Today’s global economy is more volatile and complex than ever. With sustained inflation, declining real wages, more stringent sustainability regulations and evolving consumer needs, companies are facing margin pressure from all sides and must adapt to remain competitive. Despite growing demand for sustainable products and services, the current economic outlook is influencing consumers’ purchasing decisions and emphasises the need for economic resilience. As companies struggle with this multi-faceted challenge, a trade-off exists between investing in sustainability and achieving sufficient profit margins – this is what we call the margin growth paradox.’

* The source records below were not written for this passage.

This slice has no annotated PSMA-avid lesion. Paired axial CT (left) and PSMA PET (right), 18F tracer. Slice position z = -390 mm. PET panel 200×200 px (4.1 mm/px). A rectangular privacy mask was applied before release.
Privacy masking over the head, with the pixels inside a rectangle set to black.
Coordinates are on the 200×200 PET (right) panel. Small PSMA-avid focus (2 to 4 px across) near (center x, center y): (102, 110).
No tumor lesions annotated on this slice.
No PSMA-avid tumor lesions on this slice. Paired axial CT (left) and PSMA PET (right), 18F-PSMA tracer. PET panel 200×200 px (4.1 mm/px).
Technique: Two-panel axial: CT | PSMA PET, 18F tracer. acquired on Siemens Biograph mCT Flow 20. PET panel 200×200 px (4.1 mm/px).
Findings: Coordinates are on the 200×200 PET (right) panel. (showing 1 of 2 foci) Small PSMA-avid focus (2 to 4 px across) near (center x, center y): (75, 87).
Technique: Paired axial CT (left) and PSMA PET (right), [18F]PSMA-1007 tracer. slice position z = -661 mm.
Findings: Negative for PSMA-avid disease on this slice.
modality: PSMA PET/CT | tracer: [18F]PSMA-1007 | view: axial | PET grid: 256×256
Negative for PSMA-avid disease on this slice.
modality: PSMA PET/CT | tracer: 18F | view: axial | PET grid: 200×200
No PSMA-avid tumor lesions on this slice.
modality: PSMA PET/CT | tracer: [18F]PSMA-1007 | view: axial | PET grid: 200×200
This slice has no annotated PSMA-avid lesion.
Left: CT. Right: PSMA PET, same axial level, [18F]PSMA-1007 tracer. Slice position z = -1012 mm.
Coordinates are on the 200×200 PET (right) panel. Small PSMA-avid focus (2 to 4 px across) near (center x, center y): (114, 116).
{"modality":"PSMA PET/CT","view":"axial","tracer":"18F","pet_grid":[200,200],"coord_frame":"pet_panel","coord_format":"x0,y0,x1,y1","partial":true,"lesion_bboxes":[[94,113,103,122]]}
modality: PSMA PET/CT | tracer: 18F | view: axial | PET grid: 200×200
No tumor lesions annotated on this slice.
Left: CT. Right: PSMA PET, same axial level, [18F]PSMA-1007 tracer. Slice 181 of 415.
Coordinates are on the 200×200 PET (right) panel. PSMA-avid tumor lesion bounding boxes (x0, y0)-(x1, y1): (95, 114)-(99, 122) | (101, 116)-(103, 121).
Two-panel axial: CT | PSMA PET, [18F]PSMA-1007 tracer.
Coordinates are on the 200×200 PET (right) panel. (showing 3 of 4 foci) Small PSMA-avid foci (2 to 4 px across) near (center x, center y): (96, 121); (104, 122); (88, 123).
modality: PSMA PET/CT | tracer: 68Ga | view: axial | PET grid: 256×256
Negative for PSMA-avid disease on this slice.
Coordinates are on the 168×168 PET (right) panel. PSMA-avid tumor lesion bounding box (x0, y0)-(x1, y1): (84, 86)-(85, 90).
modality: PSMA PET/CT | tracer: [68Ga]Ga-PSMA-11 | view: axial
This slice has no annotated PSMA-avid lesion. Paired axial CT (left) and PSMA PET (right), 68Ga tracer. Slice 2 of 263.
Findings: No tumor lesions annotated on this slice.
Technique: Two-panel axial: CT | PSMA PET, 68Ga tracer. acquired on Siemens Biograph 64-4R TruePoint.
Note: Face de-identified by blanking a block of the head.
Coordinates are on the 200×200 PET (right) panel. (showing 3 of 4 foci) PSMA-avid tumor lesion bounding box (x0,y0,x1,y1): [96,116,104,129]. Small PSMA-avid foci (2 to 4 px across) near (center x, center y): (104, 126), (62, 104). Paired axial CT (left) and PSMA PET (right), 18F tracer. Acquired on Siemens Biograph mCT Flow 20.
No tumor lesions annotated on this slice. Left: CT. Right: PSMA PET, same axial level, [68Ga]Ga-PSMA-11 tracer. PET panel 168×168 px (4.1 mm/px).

‘A notable paradox emerges as companies strive to balance sustainability investments and margin growth’, explains PwC expert Jennifer Nelen. ‘While consumers claim to prefer sustainable products, they often choose affordability, convenience, and quality. This challenge is further complicated by increased costs for companies due to inflation and stricter environmental regulations. Companies poised for success are those that deeply understand customer behaviours and needs, and continuously adapt their commercial and operational approaches accordingly.’
‘Companies that have a detailed understanding of consumer behavior and needs and continuously adapt their commercial and operational approaches accordingly will be more successful than others in current market conditions.’
Jennifer Nelenpartner customer transformation at PwC NetherlandsOur 2024 Global Voice of the Consumer Survey indicates a strong consumer interest in sustainability, with the majority of consumers willing to pay above six percent (globally and in the Netherlands) for sustainable produced goods, particularly among younger demographics.
Jennifer Nelen: ‘This willingness-to-pay represents a potential for value creation, where consumers perceive the intrinsic benefits of sustainable goods as outweighing the cost. However, economic pressures such as inflation, which 64 percent of respondents (67 percent in the Netherlands) identify as their number one concern, contribute to the “green consumer paradox”.
In this paradox the intentions to buy sustainable products do not always translate into purchasing actions. In fact, while 65 percent of consumers favour sustainable brands, only 26 percent make such purchases. Today’s consumers are prioritizing price, speed, value, and convenience over sustainability in their purchasing decisions.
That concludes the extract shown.